Top of Extracted data

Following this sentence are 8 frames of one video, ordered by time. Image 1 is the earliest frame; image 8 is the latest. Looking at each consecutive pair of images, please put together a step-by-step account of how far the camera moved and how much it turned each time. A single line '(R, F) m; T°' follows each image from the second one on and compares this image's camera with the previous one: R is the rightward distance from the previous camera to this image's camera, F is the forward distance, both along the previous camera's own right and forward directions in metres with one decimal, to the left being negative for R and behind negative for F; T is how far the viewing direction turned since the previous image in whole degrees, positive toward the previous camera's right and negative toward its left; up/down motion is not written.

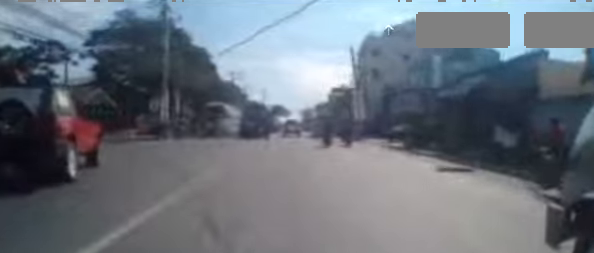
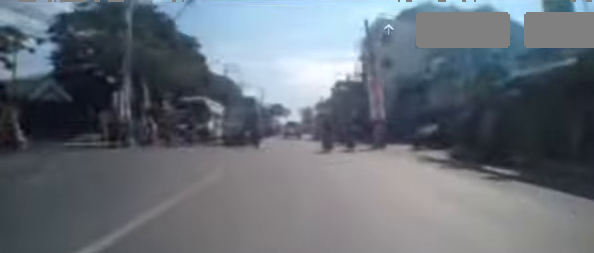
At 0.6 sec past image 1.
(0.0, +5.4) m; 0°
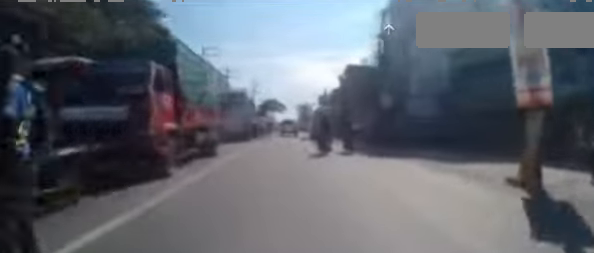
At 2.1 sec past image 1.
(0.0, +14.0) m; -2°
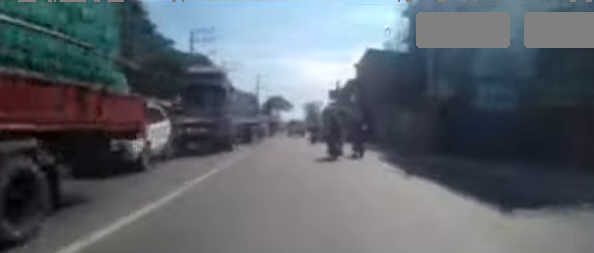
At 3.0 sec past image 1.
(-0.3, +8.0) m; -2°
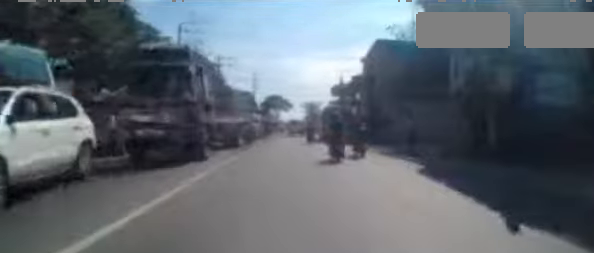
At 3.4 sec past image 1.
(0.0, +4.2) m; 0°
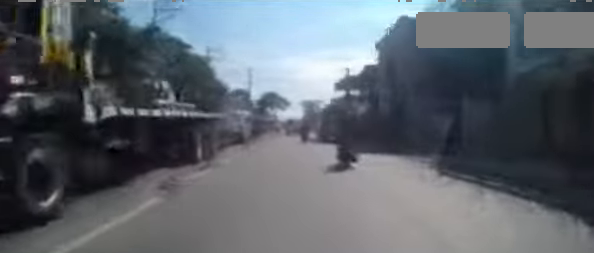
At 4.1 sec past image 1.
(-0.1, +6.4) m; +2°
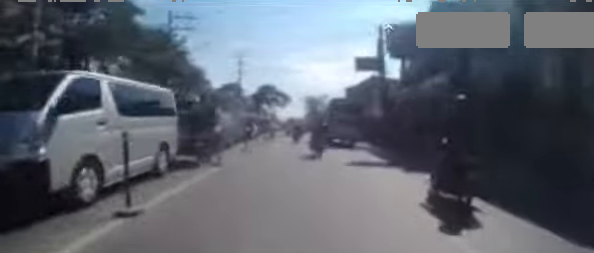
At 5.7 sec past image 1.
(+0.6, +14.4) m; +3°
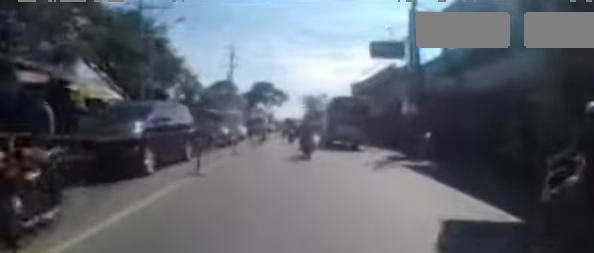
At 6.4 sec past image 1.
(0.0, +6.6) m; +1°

Bottom of Extracted data

• **Description of the task**
Write out, word for word, the line containing "At 3.0 sec past image 1." and each line after it to the end of the data, and nothing more. Drop the pictures.

• **Reply**
At 3.0 sec past image 1.
(-0.3, +8.0) m; -2°
At 3.4 sec past image 1.
(0.0, +4.2) m; 0°
At 4.1 sec past image 1.
(-0.1, +6.4) m; +2°
At 5.7 sec past image 1.
(+0.6, +14.4) m; +3°
At 6.4 sec past image 1.
(0.0, +6.6) m; +1°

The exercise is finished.